The agent connects to three datacenters in order to remain highly available. Only the LON connection seems to be having issues, the DFW and ORD connections appear to be established at:

Tue Nov 05 08:31:37 PM 2019 INF: 2001:4801:7902:1:0:a:4323:51:443 (hostname=agent-endpoint-ord.monitoring.api.rackspacecloud.com connID=1) -> Connected
Tue Nov 05 08:31:37 PM 2019 INF: 2001:4801:7902:1:0:a:4323:51:443 (hostname=agent-endpoint-ord.monitoring.api.rackspacecloud.com connID=1) -> Connection has been authenticated to SRV:_monitoringagent._tcp.ord1.prod.monitoring.api.rackspacecloud.com
Tue Nov 05 08:31:37 PM 2019 INF: 2001:4800:7902:1:0:a:4323:4c:443 (hostname=agent-endpoint-dfw.monitoring.api.rackspacecloud.com connID=1) -> Connected
Tue Nov 05 08:31:37 PM 2019 INF: 2001:4800:7902:1:0:a:4323:4c:443 (hostname=agent-endpoint-dfw.monitoring.api.rackspacecloud.com connID=1) -> Connection has been authenticated to SRV:_monitoringagent._tcp.dfw1.prod.monitoring.api.rackspacecloud.com
domibay-hugo commented 4 years ago

But the other host I commented first was just running fine all the time and also did grow in memory. The oldest report conserved states from 2020-04-06:

Mon Apr 06 12:18:17 AM 2020 INF: Check (agent.filesystem_state) -> agent.filesystem_state (details=,id="chBE9OtoFG",period=60) scheduled for 60s
Mon Apr 06 12:18:22 AM 2020 INF: Check (agent.filesystem) -> agent.filesystem (details=target="/",id="chTE4iaBEo",period=60) scheduled for 60s
Mon Apr 06 12:18:25 AM 2020 INF: Check (agent.load_average) -> agent.load_average (details=,id="cheLlmcgLI",period=60) scheduled for 60s
Mon Apr 06 12:18:35 AM 2020 INF: Check (agent.memory) -> agent.memory (details=,id="chJpBmgq4y",period=60) scheduled for 60s
Mon Apr 06 12:18:37 AM 2020 INF: Check (agent.network) -> agent.network (details=target="eth0",id="chBD5dQSVp",period=60) scheduled for 60s

I took these 2 measurements from 2 different Servers. Both have grown in Memory. 1 was running fine and only the other had and connectivity issue.

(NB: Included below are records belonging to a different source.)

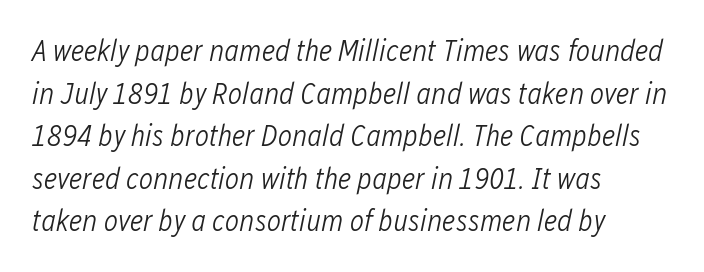
Think of a printed novel: that variable character pitch is what you see here. Looking at the ascenders, they clearly lean. Decoration check: the copy has no underline. The letterforms sit at book weight or below. Nothing unusual about the tracking: characters are spaced as the font intends.
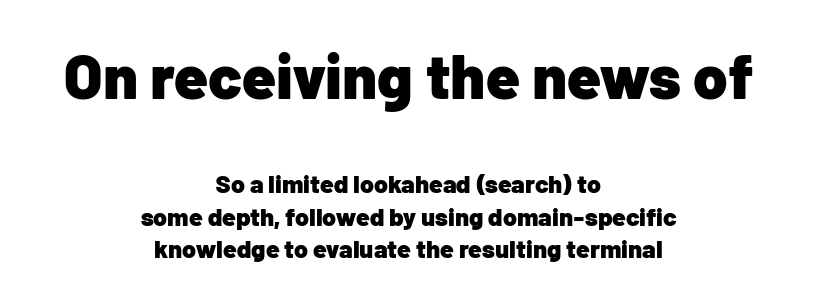
The passage shown is typed in a proportional face where columns would drift. Rendered with straight, roman letterforms. Type without underlining. Tracking value appears to be zero — textbook default spacing. Typeset on center — no edge is straight. The rendering shows plain stroke endings on the letterforms — a sans-serif design.
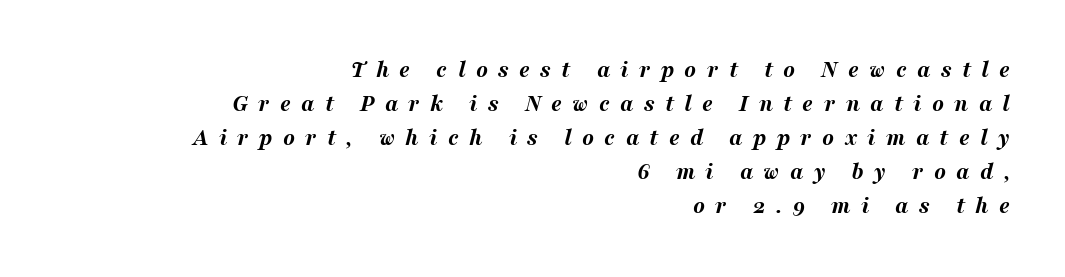
The image shows 24 px bold type, italic (leaning right); set right-aligned, normal line spacing (1.42x), unusually wide letter spacing (+0.43 em), not underlined.

domibay-hugo commented 4 years ago

I disabled the agent.filesystem_state Check in the Administration Panel for the Host that was informing correctly since 2020-04-06. I also updated the Agent on the 2nd host that had the crash and could not connect since then.

As an remark: the unconnectable agent was able to connect correctly after Service Restart

domibay-hugo commented 4 years ago

The agent connects to three datacenters in order to remain highly available.

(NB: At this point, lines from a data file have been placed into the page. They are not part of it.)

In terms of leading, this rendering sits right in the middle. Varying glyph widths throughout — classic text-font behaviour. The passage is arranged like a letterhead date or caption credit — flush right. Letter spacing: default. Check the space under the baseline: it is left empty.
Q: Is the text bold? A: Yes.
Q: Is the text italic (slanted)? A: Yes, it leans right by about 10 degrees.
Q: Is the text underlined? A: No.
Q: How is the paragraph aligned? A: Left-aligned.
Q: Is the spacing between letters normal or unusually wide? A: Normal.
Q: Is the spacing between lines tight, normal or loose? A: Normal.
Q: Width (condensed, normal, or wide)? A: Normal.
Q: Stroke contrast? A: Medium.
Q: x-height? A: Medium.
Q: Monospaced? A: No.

If it was for high availability why isn't there any data in the Intelligence Panel if only 1 connection is broken?

obviously any broken connection is fatal to the agent.

itzg commented 4 years ago

Looking back at your logs, it appears the VM server identity couldn't get discovered like normal:

Tue Nov 05 08:31:33 PM 2019 INF: Machine ID unobtainable, Could not retrieve xenstore name, ret: 1, buffer:
Tue Nov 05 08:31:33 PM 2019 INF: Using hostname as agent ID (id=<server_name>)

As a workaround you can set monitoring_id (more info here) to the server ID, which will be a UUID value from the server panel.

However, it sounds like restarting the service may have resolved that issue also.